Leaving Homer Smith Marina was relatively easy, even with a continuing strong WSW wind. Once through Beaufort and Morehead City, we started the run down Bogue Sound.
By the time we got to the New River Inlet, it was getting late, and we were wearing down, but there were few appealing anchorages along this stretch of ICW. We considered anchoring in Mile Hammock Bay, which is part of the Camp Lejeune Marine base. It was relatively bleak, so we continued on around the inlet, heading for the Topsail Sound Sloop Point anchorage where we stopped on our way north.
By the time we reached the anchorage, it was sunset. The last time we were here in June, the only human activity we noticed was someone mowing grass (probably the lawn service). It was peaceful, but somewhat empty or lonely with no activity in the many houses on shore.
This time, when I went out on deck to set the anchor bridle, I heard the voices and laughter of children playing on shore. Adult conversations drifted in and out. Lights were on and houses now seemed like homes. Same place as last time, but a completely different experience. Fascinating how the presence of people enjoying life and each other can have such a strong effect, even at a distance.
July 31, 2022: Southport
Destination today was the Safe Harbor South Harbor Marina in Southport, the same marina we had stayed in earlier when our granddaughters were with us. We were underway just after 9:00 AM and secure at the face dock of the marina by 3:45 PM.

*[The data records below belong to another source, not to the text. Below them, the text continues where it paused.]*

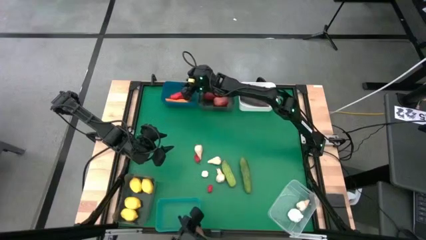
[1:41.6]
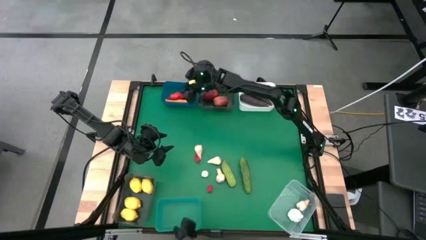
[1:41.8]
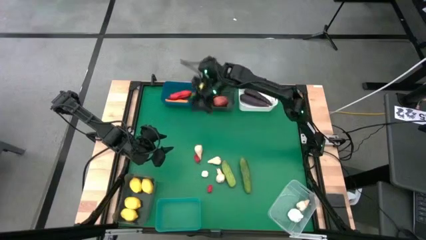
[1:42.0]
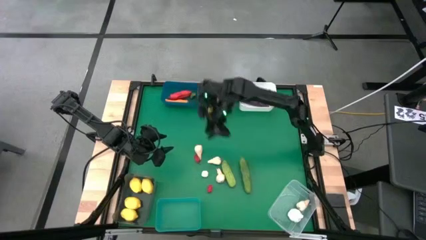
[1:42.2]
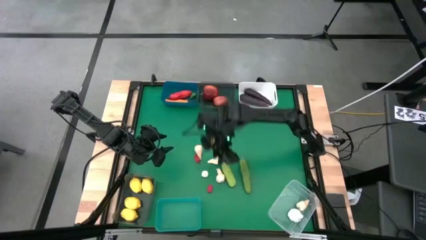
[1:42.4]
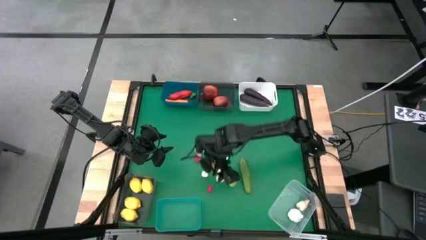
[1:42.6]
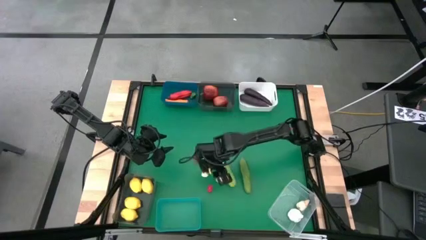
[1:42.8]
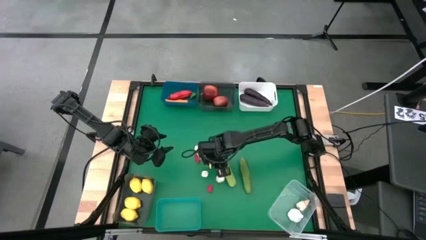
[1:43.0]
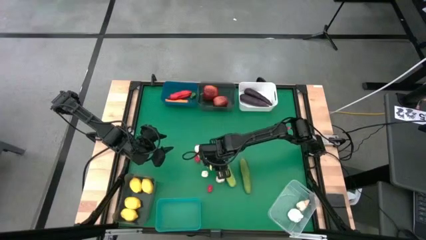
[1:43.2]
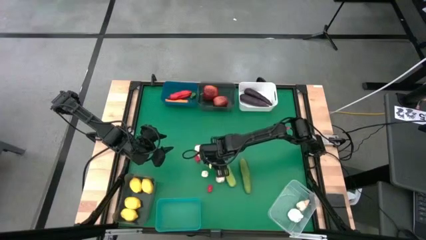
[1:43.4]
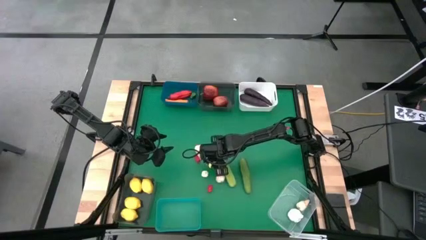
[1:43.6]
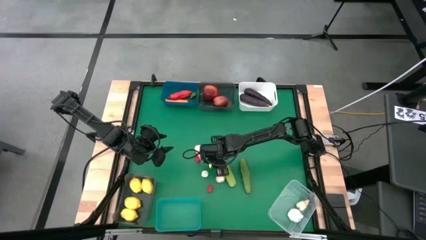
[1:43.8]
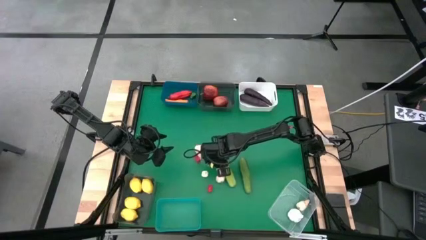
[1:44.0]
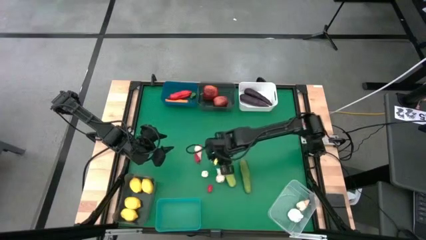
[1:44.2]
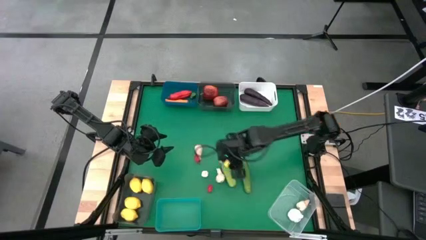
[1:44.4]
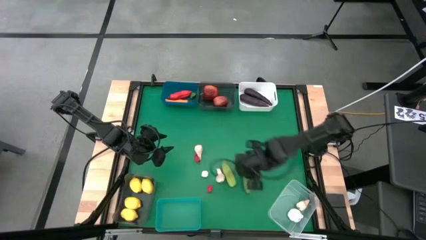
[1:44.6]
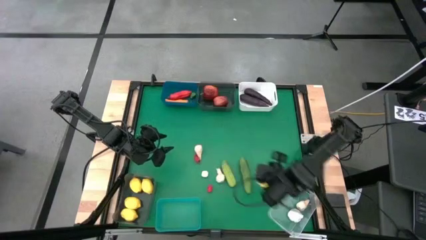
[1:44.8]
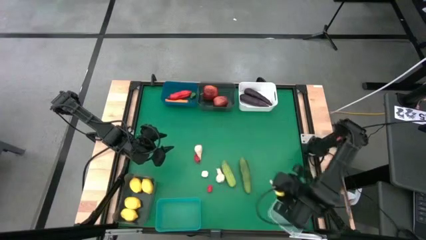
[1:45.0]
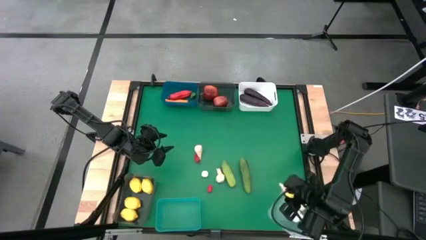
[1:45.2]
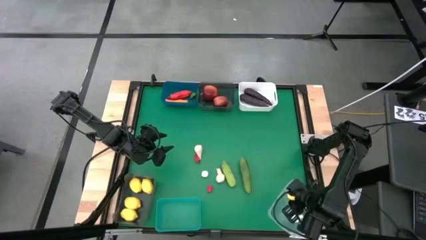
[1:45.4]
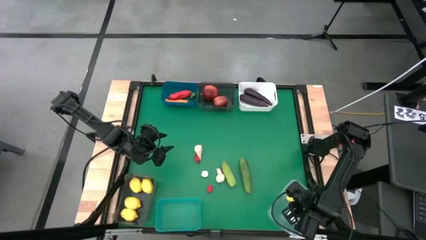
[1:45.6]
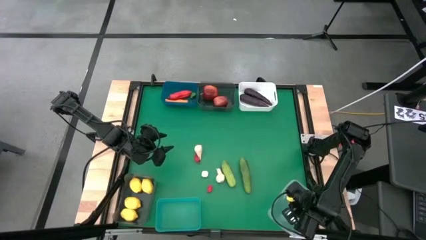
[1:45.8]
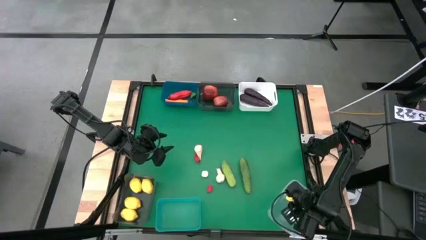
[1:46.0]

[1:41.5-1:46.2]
Task: Sort produce into baskets
Put the white garlic into the transparent bin

This would be the last marina until Port Royal, our home port. We had clean laundry, enough food, plenty of room in the holding tank, and enough water to last, once we topped off the tank. This would also be the last time to wash off salt and dirt from Betty Lou. Working together, we got the outside clean, a bit more than “a lick and a promise”, but not the thorough job we would do in Port Royal.
It had been another long, hot day, so we took showers and ate out for the last time on this trip at Rusty Hooks right by the marina. Their fish and chips were so good the first time, it was our choice once again. We were not disappointed. The day again ended well and sleeping with AC felt luxurious.
Captain’s Comments:
As we prepared to leave our anchorage this morning, we skipped a hot breakfast (normally eggs on Sunday), to get under way quicker, and to avoid starting the generator. But we had coffee made with power from the batteries and invertor. It promised to be a little cooler today, so we would try a run without the generator (and AC).

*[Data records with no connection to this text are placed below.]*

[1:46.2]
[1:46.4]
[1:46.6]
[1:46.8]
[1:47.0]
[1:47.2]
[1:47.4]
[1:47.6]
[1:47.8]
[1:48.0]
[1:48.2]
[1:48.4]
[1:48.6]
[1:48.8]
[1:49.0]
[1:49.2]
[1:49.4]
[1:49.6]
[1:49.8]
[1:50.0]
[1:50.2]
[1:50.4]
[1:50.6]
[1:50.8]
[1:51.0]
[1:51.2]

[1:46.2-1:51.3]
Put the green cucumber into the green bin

We had two bridges that needed to open for us today, both of which opened on the hour and half hour. We were making good time toward the first bridge, but I projected we would be 5 minutes late for the 1100 opening of the first bridge, Figure Eight Island Bridge, even with increased RPM, so I throttled back to time our arrival for the next opening.
About a mile out from the bridge, I hailed the bridge tender to request an opening. After about a minute, he said he saw me coming, and thought I would make it under the bridge without an opening. On our way north, the tender at this same bridge had said the same thing and we had cautiously approached the bridge to see if we would fit under while the tender watched our clearance. He waved us off at the last moment.

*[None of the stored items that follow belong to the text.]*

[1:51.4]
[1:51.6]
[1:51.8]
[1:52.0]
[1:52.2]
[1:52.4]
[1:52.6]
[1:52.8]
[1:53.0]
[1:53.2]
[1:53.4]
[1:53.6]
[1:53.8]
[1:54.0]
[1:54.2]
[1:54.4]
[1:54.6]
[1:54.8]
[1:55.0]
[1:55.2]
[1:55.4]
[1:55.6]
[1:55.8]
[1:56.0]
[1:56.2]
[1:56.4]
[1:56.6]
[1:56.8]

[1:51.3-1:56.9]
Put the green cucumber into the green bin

This time, I hoped to avoid the extra excitement, but the tender again asked us to try to fit under. It turned out we had a whopping 4” of clearance to spare! And we got through the bridge about 4 minutes sooner than if we had waited.
As we headed on south, we thanked the bridge tender for his assistance, and he pointed out that we might make the 1200 scheduled Wrightsville Beach Bridge opening if we hurried. I increased RPM to 2000 for the next 20 minutes (the first time we’ve really benefited from the extra horsepower option) and made the bridge opening right on time. Of course, the boat traffic getting through the Wrightsville Beach area was crazy, but at least we didn’t have to contend with it while waiting for a bridge opening.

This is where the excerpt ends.